Fraud teams that treat compliance and fraud defence as separate workstreams will struggle as these frameworks converge. The teams that build a single re-verification and identity-assurance policy satisfying both will be faster, cheaper, and more defensible to regulators.

Where FaaS-driven fraud goes next

A few predictions worth holding the next 12–18 months against.

FaaS and AI tooling converge into a single attack stack. Today, an attacker buys a phishing kit, a synthetic document generator, and a credential dump as separate products. Within a year, expect to see end-to-end “account opening as a service” toolkits that bundle synthetic identity generation, document fabrication, deepfake biometric replay, and target-platform-specific bypass tutorials into a single subscription. The price point will continue to fall.

Network-effect data becomes the defining vendor moat. Single-tenant device fingerprinting, behavioural analytics, and deepfake detection are converging in capability across IDV vendors. What doesn’t converge is cross-customer visibility. The vendors with that visibility — and the customers who insist on it — will define the next round of fraud defence. The rest will be selling marginally better point solutions to a problem that has already moved past their architecture.

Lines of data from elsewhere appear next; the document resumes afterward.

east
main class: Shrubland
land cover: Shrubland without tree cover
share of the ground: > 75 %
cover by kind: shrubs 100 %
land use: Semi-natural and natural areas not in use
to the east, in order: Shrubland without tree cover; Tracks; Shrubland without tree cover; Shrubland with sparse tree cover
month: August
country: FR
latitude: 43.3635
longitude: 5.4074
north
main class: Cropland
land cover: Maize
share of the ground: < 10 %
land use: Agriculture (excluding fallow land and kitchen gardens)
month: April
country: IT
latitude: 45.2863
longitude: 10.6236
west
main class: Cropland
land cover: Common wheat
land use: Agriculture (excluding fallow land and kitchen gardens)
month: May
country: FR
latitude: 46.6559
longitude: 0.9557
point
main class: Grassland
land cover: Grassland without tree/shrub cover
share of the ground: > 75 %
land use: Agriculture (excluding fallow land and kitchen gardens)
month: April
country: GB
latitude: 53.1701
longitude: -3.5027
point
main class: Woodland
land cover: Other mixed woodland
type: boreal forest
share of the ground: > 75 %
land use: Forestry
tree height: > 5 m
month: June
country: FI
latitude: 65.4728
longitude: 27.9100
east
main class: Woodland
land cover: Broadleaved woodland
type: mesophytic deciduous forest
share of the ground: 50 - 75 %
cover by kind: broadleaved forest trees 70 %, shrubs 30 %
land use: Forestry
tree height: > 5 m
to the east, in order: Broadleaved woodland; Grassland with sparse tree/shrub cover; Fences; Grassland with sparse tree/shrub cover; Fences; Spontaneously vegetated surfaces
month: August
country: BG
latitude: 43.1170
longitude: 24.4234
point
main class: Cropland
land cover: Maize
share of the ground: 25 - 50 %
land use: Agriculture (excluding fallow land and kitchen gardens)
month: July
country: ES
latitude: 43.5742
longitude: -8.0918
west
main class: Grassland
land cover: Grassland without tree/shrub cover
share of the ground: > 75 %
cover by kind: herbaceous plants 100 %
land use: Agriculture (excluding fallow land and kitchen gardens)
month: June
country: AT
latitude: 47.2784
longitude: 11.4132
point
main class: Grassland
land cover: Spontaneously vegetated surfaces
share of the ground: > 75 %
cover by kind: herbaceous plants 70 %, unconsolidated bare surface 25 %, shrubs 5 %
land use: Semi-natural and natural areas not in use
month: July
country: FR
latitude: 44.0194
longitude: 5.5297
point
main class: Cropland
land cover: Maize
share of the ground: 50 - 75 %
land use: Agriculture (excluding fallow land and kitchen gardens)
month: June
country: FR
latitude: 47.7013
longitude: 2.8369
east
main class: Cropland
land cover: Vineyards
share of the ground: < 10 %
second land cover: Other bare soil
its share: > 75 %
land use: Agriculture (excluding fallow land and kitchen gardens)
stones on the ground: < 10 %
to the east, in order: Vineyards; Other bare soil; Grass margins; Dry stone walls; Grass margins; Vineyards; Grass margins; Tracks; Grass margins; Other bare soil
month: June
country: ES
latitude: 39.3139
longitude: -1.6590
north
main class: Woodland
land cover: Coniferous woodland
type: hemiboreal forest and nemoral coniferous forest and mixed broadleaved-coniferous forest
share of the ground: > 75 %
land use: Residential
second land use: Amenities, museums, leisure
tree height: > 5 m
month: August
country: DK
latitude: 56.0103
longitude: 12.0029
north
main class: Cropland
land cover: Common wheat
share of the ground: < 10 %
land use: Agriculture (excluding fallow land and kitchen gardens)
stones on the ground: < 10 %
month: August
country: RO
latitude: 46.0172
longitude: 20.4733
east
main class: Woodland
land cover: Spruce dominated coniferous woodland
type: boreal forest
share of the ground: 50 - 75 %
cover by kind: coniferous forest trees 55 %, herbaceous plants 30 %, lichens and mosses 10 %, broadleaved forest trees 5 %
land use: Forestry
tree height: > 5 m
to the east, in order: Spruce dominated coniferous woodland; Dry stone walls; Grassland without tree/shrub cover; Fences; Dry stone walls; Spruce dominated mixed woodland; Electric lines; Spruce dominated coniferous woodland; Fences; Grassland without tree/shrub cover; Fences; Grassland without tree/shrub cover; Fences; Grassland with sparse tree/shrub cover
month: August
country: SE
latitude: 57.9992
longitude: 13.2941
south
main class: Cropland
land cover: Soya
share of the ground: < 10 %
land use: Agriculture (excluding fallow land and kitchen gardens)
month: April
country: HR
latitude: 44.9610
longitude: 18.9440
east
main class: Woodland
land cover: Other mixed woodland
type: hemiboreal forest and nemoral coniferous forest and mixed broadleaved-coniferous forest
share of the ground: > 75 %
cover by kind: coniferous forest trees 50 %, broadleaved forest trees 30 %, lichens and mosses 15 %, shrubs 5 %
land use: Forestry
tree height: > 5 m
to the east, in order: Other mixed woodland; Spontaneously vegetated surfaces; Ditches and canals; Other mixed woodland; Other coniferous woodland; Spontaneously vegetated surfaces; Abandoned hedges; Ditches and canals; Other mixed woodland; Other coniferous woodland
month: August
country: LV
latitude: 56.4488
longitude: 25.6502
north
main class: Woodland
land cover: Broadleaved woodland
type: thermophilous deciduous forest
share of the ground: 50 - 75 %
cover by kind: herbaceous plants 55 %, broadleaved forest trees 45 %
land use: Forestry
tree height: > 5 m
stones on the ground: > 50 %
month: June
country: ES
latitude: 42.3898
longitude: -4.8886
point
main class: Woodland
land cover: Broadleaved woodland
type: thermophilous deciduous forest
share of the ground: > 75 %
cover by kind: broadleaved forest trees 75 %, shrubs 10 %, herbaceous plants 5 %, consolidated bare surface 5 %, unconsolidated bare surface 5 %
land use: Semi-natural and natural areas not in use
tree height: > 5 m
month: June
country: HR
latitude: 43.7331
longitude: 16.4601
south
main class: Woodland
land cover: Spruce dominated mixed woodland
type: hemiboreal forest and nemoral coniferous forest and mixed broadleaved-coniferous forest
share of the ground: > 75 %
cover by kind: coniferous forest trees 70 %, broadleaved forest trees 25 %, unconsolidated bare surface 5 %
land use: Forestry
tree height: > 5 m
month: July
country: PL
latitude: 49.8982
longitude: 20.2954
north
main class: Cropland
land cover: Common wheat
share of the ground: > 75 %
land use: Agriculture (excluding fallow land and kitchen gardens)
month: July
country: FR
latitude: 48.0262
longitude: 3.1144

Regulators catch up faster than the industry expects. eIDAS 2.0, AMLR/AMLA, DORA, and the gradual SMS-OTP phase-outs already underway in the UAE, India, and the Philippines are all pulling toward the same conclusion: identity verification is now part of the regulated infrastructure of digital trust. The next two years will favour vendors and customers who treat compliance and fraud as one problem, not two.

The line I’d leave you with, because it’s how I think about this job day to day: fraud is now a SaaS business, and the customers buying it are not who you imagine. Defending against it requires meeting it on the same terms — at scale, with shared signal, and with architectural ownership of every layer between the camera and the decision. The fraud rings already have a network. So should you.